[Extracted records]
┌──
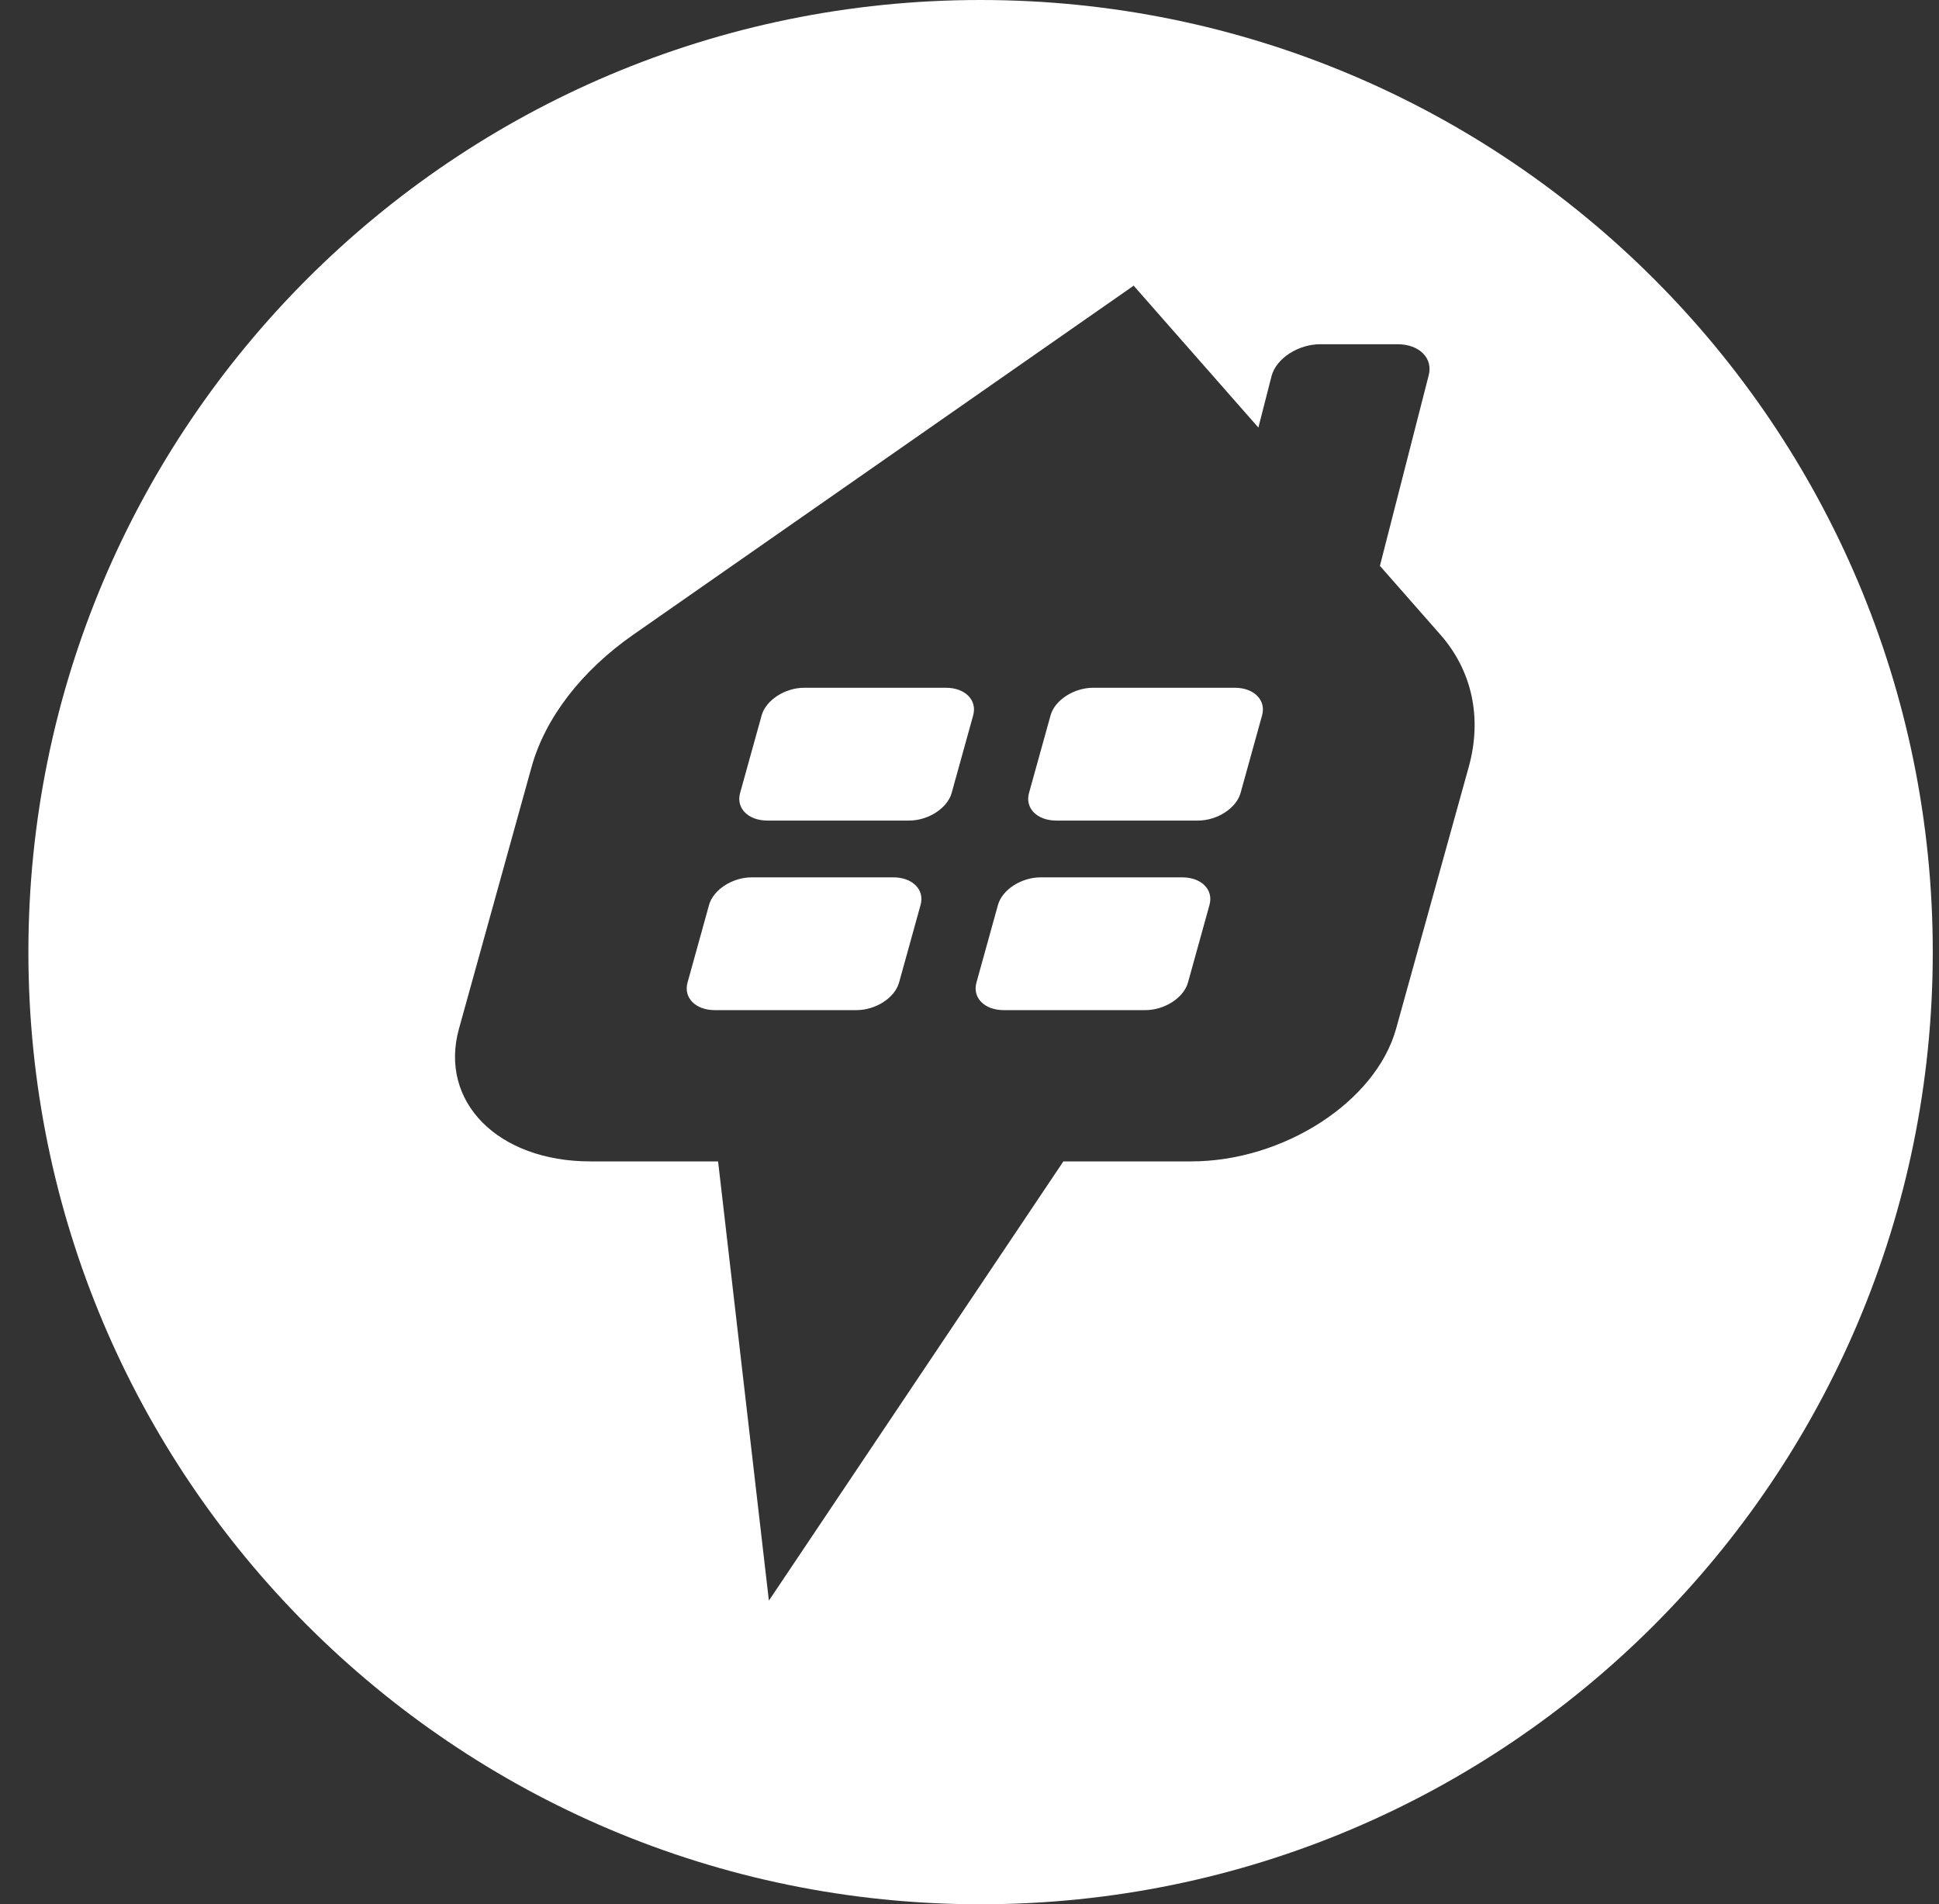 <?xml version="1.0" encoding="UTF-8"?>
<svg width="56px" height="55px" viewBox="0 0 56 55" version="1.1" xmlns="http://www.w3.org/2000/svg" xmlns:xlink="http://www.w3.org/1999/xlink">
    <rect x="0" y="0" width="56" height="55" fill="#333333" stroke="none"/>
    <title>Fill 1</title>
    <g id="toplage" stroke="none" stroke-width="1" fill="none" fill-rule="evenodd">
        <g id="tl_mobil" transform="translate(-159, -12)" fill="#FFFFFF">
            <g id="Group-63" transform="translate(159.82, 12)">
                <path d="M34.84,19.864 L30.753,19.864 C30.194,19.864 29.643,20.221 29.521,20.662 L28.899,22.902 C28.777,23.343 29.131,23.7 29.689,23.7 L33.776,23.7 C34.335,23.7 34.886,23.343 35.009,22.902 L35.63,20.662 C35.752,20.221 35.398,19.864 34.84,19.864 M24.978,25.34 L20.89,25.34 C20.332,25.34 19.78,25.697 19.658,26.137 L19.037,28.377 C18.915,28.818 19.268,29.175 19.826,29.175 L23.914,29.175 C24.472,29.175 25.024,28.818 25.146,28.377 L25.767,26.137 C25.89,25.697 25.536,25.34 24.978,25.34 M33.322,25.34 L29.234,25.34 C28.676,25.34 28.124,25.697 28.002,26.137 L27.381,28.377 C27.259,28.818 27.612,29.175 28.17,29.175 L32.258,29.175 C32.816,29.175 33.367,28.818 33.49,28.377 L34.111,26.137 C34.233,25.697 33.88,25.34 33.322,25.34 M41.598,22.153 L39.501,29.71 C38.917,31.819 36.252,33.544 33.58,33.544 L29.891,33.544 L21.386,46.23 L19.919,33.544 L16.23,33.544 C13.558,33.544 11.851,31.819 12.436,29.71 L14.532,22.153 C14.924,20.739 15.972,19.376 17.47,18.331 L31.921,8.251 L35.523,12.349 L35.906,10.852 C36.045,10.349 36.674,9.942 37.311,9.942 L39.539,9.942 C40.175,9.942 40.578,10.349 40.439,10.852 L39.033,16.343 L40.78,18.331 C41.699,19.376 41.99,20.739 41.598,22.153 M27.497,0 C12.31,0 0,12.309 0,27.497 C0,42.685 12.31,55 27.497,55 C42.685,55 55,42.685 55,27.497 C55,12.309 42.685,0 27.497,0 M26.497,19.864 L22.409,19.864 C21.851,19.864 21.299,20.221 21.177,20.662 L20.555,22.902 C20.433,23.343 20.787,23.7 21.345,23.7 L25.433,23.7 C25.991,23.7 26.542,23.343 26.665,22.902 L27.286,20.662 C27.408,20.221 27.055,19.864 26.497,19.864" id="Fill-1"></path>
            </g>
        </g>
    </g>
</svg>
└──
- YOUR ASSIGNMENT -
Wherever an image appears, omit it; copy the rest of the records exactly.

- SOLUTION FOR THIS EXERCISE -
 <?xml version="1.0" encoding="UTF-8"?>
<svg width="56px" height="55px" viewBox="0 0 56 55" version="1.1" xmlns="http://www.w3.org/2000/svg" xmlns:xlink="http://www.w3.org/1999/xlink">
    <rect x="0" y="0" width="56" height="55" fill="#333333" stroke="none"/>
    <title>Fill 1</title>
    <g id="toplage" stroke="none" stroke-width="1" fill="none" fill-rule="evenodd">
        <g id="tl_mobil" transform="translate(-159, -12)" fill="#FFFFFF">
            <g id="Group-63" transform="translate(159.82, 12)">
                <path d="M34.84,19.864 L30.753,19.864 C30.194,19.864 29.643,20.221 29.521,20.662 L28.899,22.902 C28.777,23.343 29.131,23.7 29.689,23.7 L33.776,23.7 C34.335,23.7 34.886,23.343 35.009,22.902 L35.63,20.662 C35.752,20.221 35.398,19.864 34.84,19.864 M24.978,25.34 L20.89,25.34 C20.332,25.34 19.78,25.697 19.658,26.137 L19.037,28.377 C18.915,28.818 19.268,29.175 19.826,29.175 L23.914,29.175 C24.472,29.175 25.024,28.818 25.146,28.377 L25.767,26.137 C25.89,25.697 25.536,25.34 24.978,25.34 M33.322,25.34 L29.234,25.34 C28.676,25.34 28.124,25.697 28.002,26.137 L27.381,28.377 C27.259,28.818 27.612,29.175 28.17,29.175 L32.258,29.175 C32.816,29.175 33.367,28.818 33.49,28.377 L34.111,26.137 C34.233,25.697 33.88,25.34 33.322,25.34 M41.598,22.153 L39.501,29.71 C38.917,31.819 36.252,33.544 33.58,33.544 L29.891,33.544 L21.386,46.23 L19.919,33.544 L16.23,33.544 C13.558,33.544 11.851,31.819 12.436,29.71 L14.532,22.153 C14.924,20.739 15.972,19.376 17.47,18.331 L31.921,8.251 L35.523,12.349 L35.906,10.852 C36.045,10.349 36.674,9.942 37.311,9.942 L39.539,9.942 C40.175,9.942 40.578,10.349 40.439,10.852 L39.033,16.343 L40.78,18.331 C41.699,19.376 41.99,20.739 41.598,22.153 M27.497,0 C12.31,0 0,12.309 0,27.497 C0,42.685 12.31,55 27.497,55 C42.685,55 55,42.685 55,27.497 C55,12.309 42.685,0 27.497,0 M26.497,19.864 L22.409,19.864 C21.851,19.864 21.299,20.221 21.177,20.662 L20.555,22.902 C20.433,23.343 20.787,23.7 21.345,23.7 L25.433,23.7 C25.991,23.7 26.542,23.343 26.665,22.902 L27.286,20.662 C27.408,20.221 27.055,19.864 26.497,19.864" id="Fill-1"></path>
            </g>
        </g>
    </g>
</svg>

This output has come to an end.